Robert Johnson wrote:
Hello Pascal,
I'm not sure I can really comment on (1), but the reason why your
energy gap decreases in (2) is because the energy fluctuations in your
system increase as you raise the temperature. For example, at low
temperatures your potential energy distributions will be sharply
peaked about the average value. However, as you increase the
temperature, the peak will broaden because of the increased thermal
fluctuations. As a result, you will have more overlap between your
potential energy distributions at higher temperature.
What Bob says is true, but Pascal was talking about
the gap between average potential energies
which is not directly dependent of the shape of the distribution.
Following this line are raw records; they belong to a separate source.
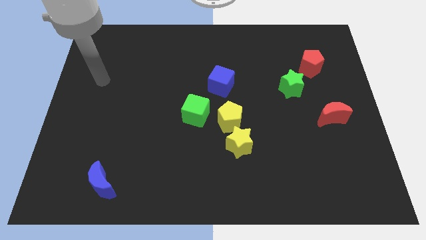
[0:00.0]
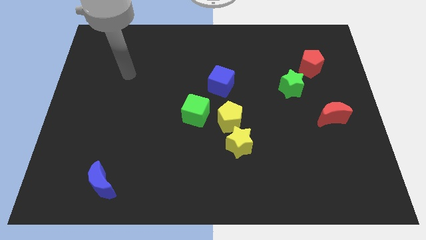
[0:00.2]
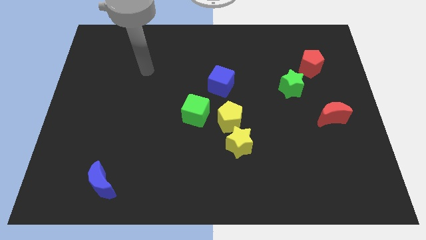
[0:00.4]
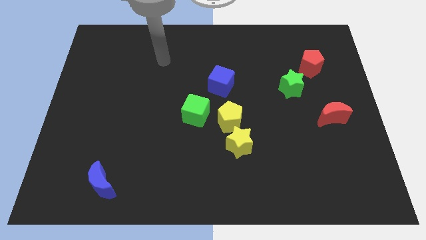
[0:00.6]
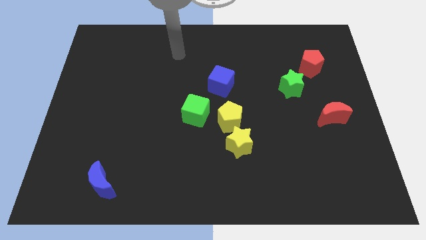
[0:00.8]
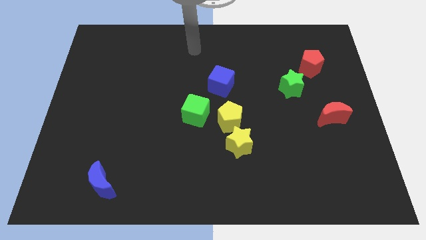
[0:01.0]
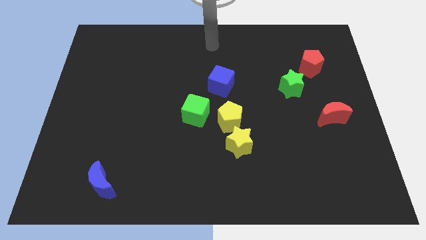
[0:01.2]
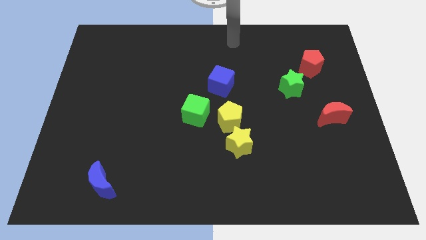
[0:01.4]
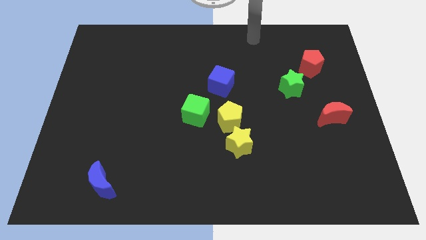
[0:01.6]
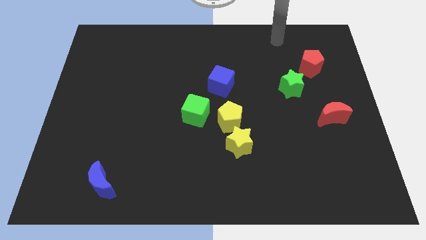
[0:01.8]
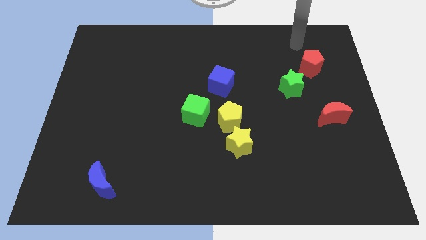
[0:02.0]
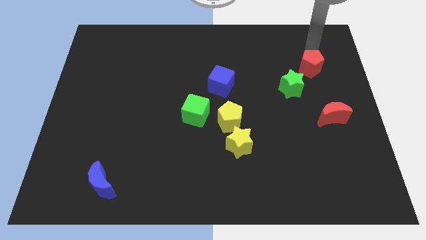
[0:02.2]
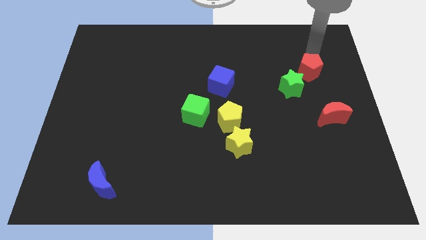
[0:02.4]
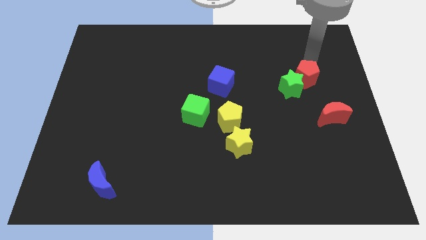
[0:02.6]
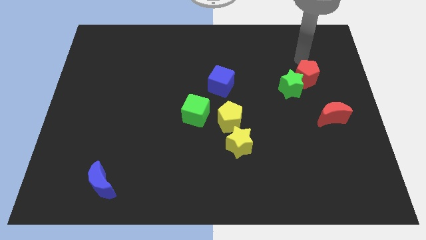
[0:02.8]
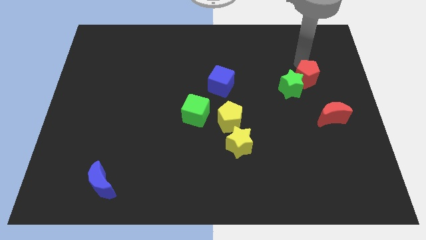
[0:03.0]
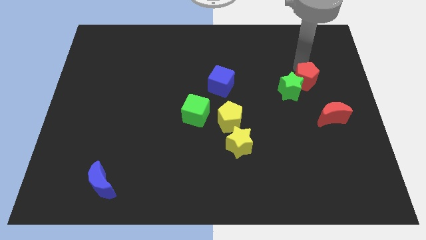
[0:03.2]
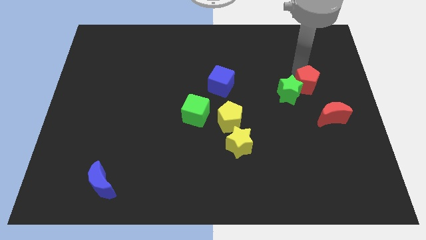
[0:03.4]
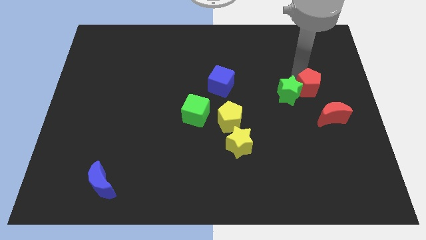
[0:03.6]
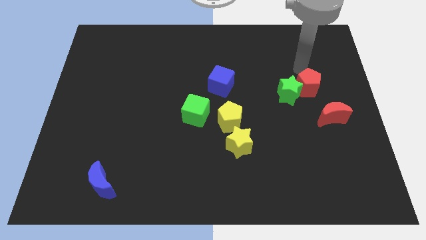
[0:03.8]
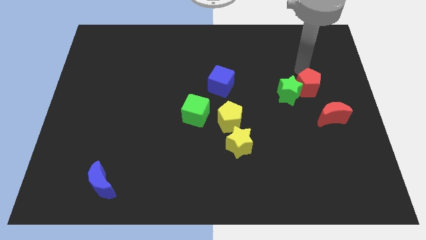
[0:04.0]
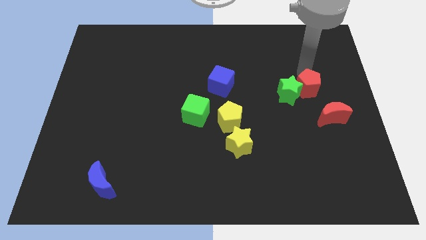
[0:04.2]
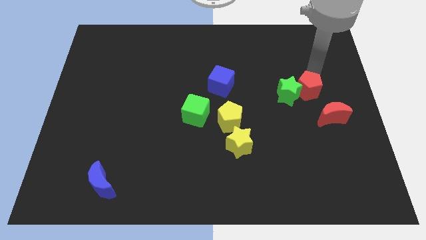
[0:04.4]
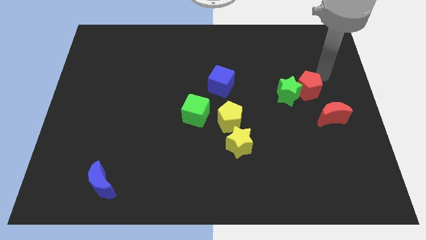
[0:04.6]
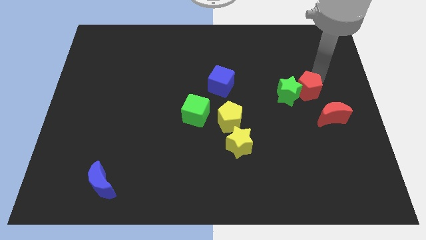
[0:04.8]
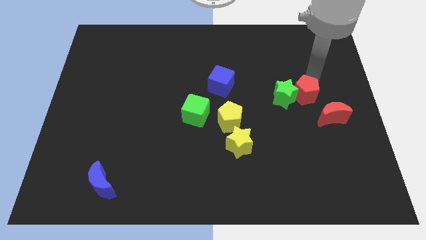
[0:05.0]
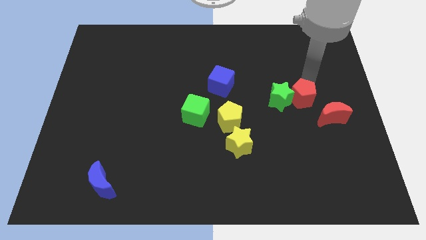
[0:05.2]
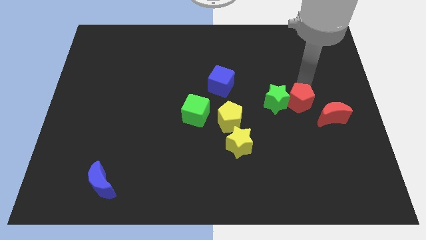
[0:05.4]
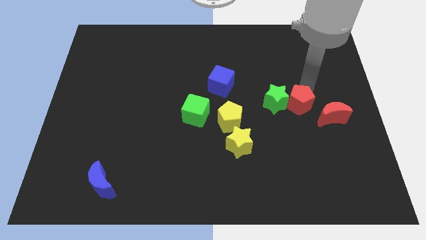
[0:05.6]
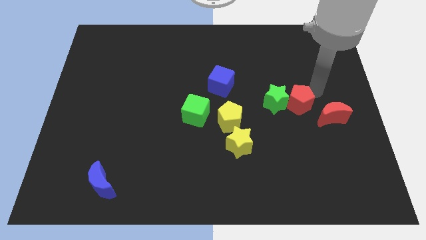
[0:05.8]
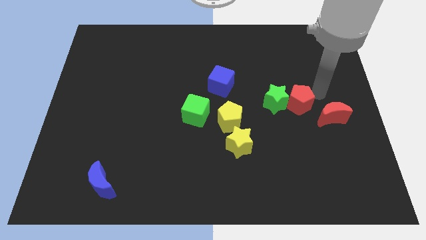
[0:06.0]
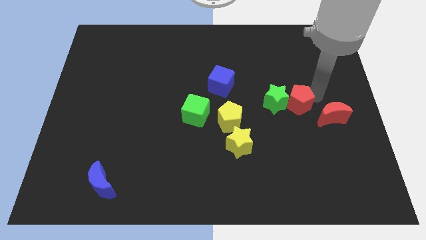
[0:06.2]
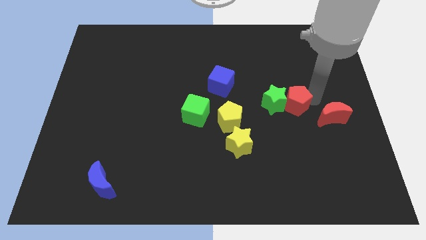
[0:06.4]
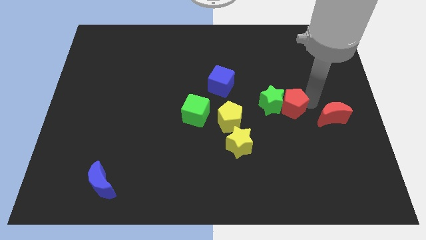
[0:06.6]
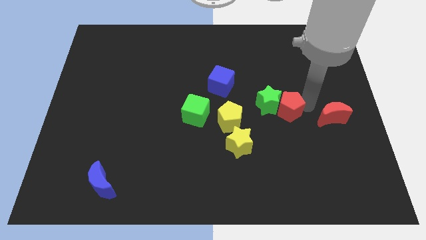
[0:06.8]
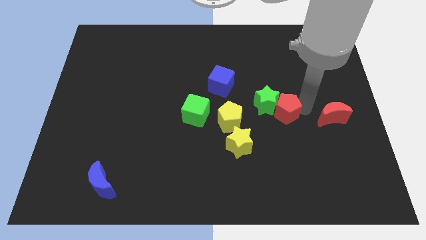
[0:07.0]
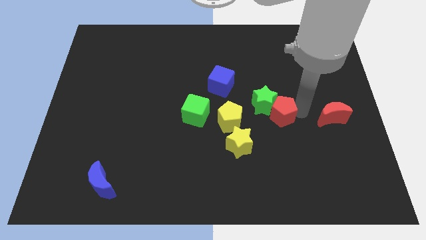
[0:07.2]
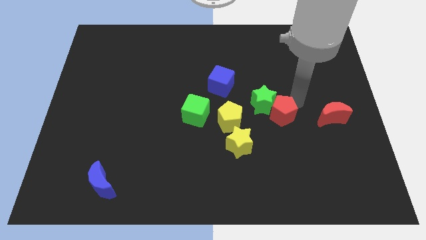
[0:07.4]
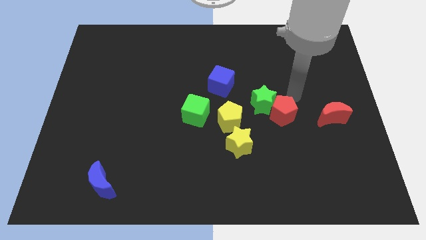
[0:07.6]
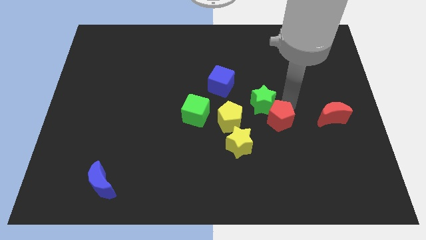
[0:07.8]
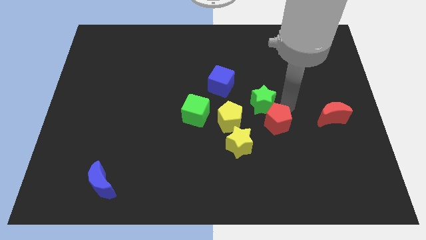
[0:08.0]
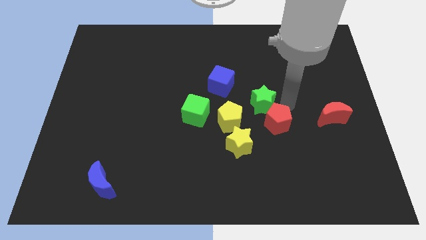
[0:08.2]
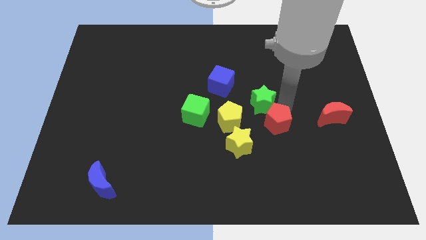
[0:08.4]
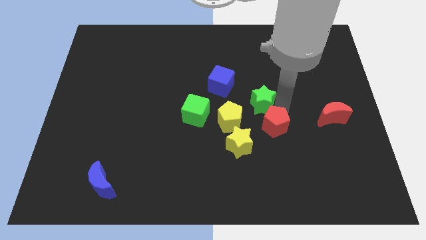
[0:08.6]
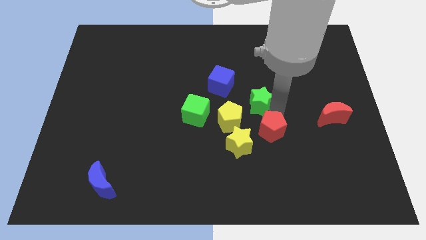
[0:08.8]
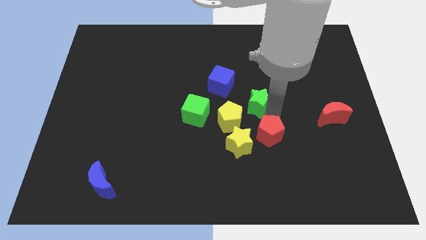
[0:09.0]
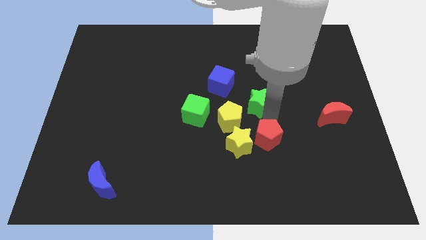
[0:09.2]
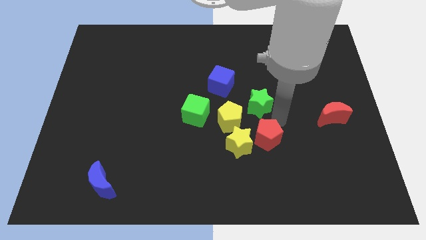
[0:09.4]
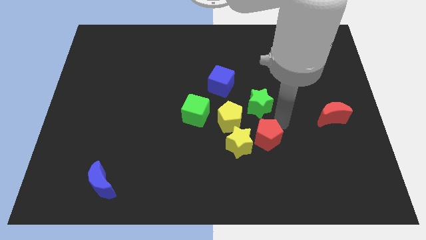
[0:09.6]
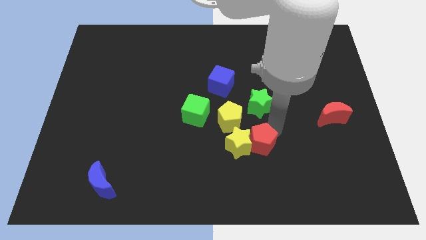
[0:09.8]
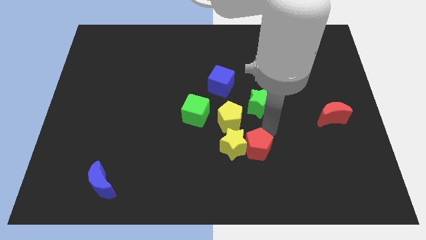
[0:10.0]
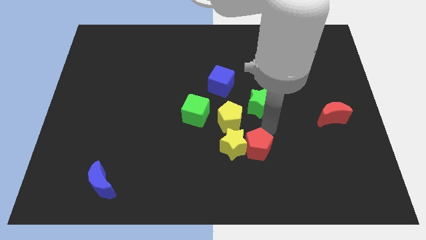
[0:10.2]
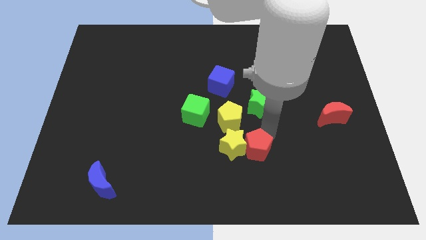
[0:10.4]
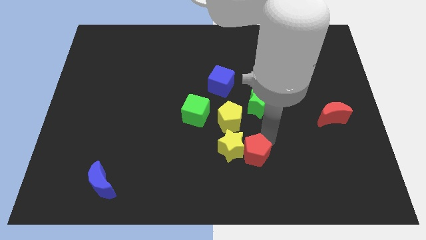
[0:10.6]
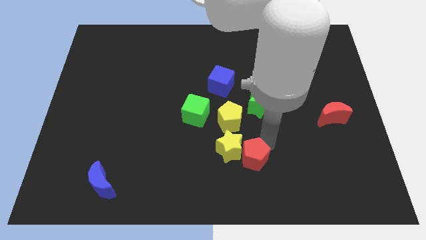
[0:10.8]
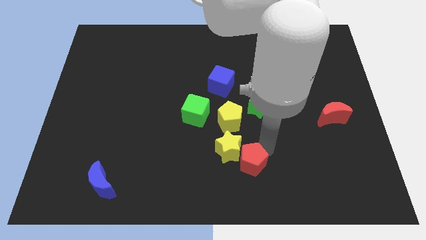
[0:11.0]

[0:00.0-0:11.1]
move the red pentagon to the bottom
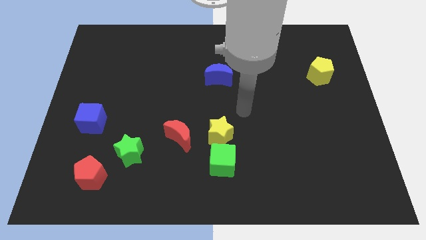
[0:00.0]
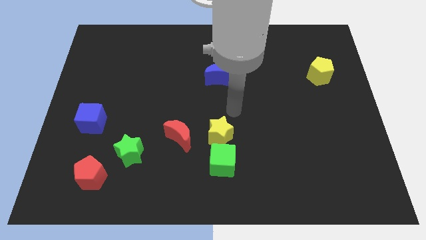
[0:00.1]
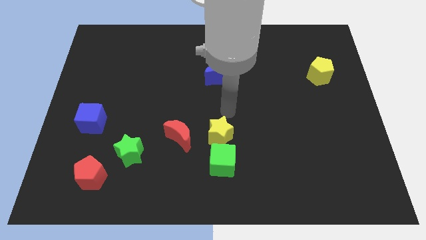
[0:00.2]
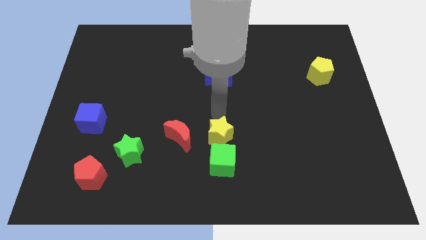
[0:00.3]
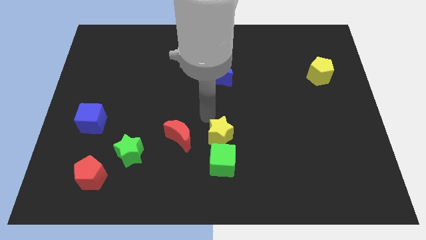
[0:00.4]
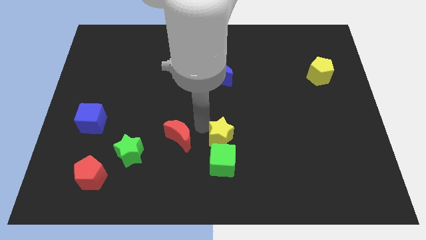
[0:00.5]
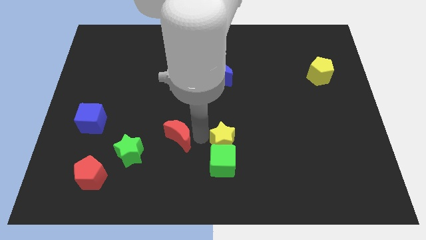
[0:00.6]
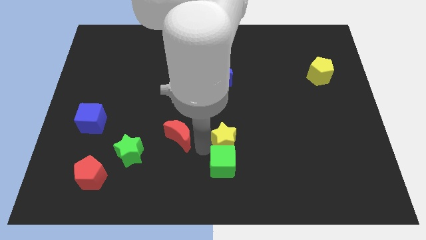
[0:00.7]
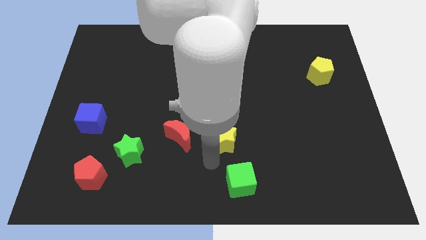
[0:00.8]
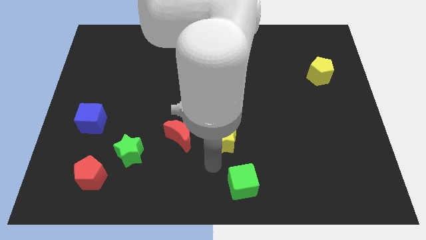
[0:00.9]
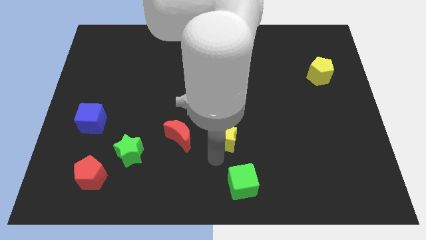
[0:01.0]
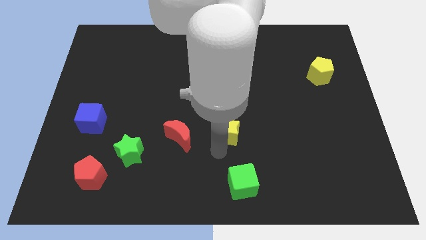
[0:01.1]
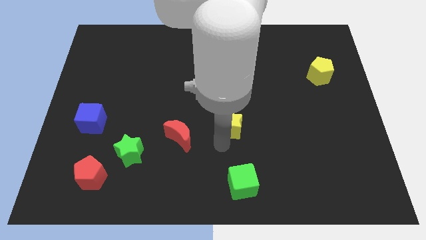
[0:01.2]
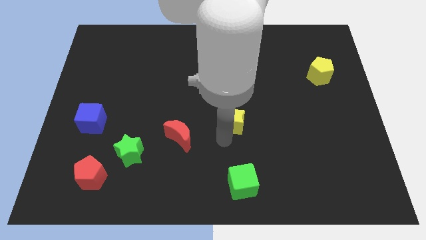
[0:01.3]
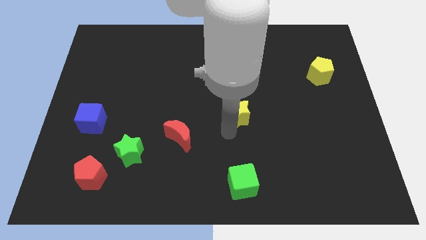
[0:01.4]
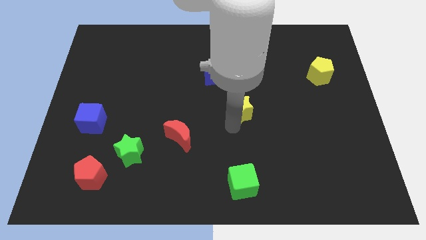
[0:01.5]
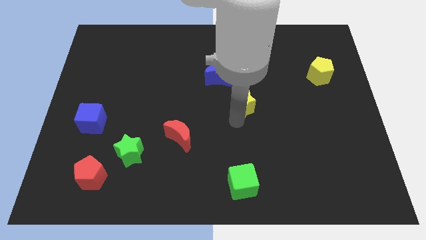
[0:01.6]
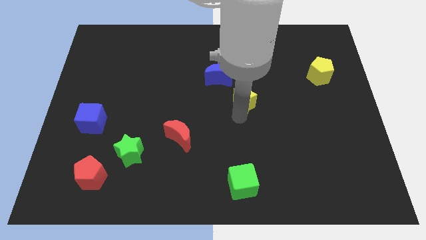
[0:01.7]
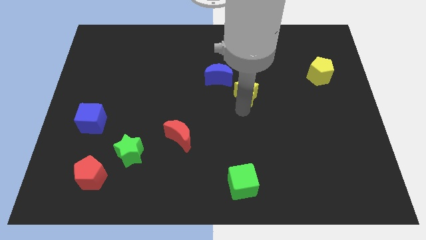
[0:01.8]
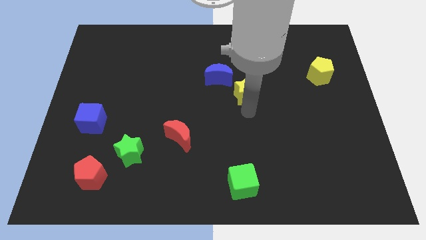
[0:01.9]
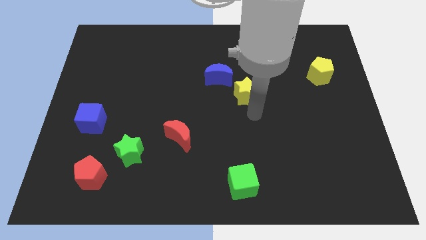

On Tue, May 6, 2008 at 9:50 AM, <[EMAIL PROTECTED]> wrote:
Dear community,
I am performing some REMD tests with the trp-cage peptide. In order to figure
out the optimal temperature distribution ensuring similar exchange
probabilities
at every temperature, I have performed short MD runs at increasing
temperatures,
with a run every 5K from 300K to 500K. If I plot the average potential energy
as
a function of temperature, I obtain the following trend:
1) For NPT, the gap between average potential energies progressively increases
with equal increments of temperature.
2) For NVT, the gap between average potential energies progressively decreases
with equal increments temperature.
You seem to be in qualitative agreement with Figure 1 of
M Marvin Seibert, Alexandra Patriksson, Berk Hess and David van der
Spoel (2005).
Reproducible Polypeptide Folding and Structure Prediction using
Molecular Dynamics Simulations.
Journal of Molecular Biology, 354(1):173-183
Figures 4 and 5 of
Daniel Sindhikara, Yilin Meng and Adrian E Roitberg (2008).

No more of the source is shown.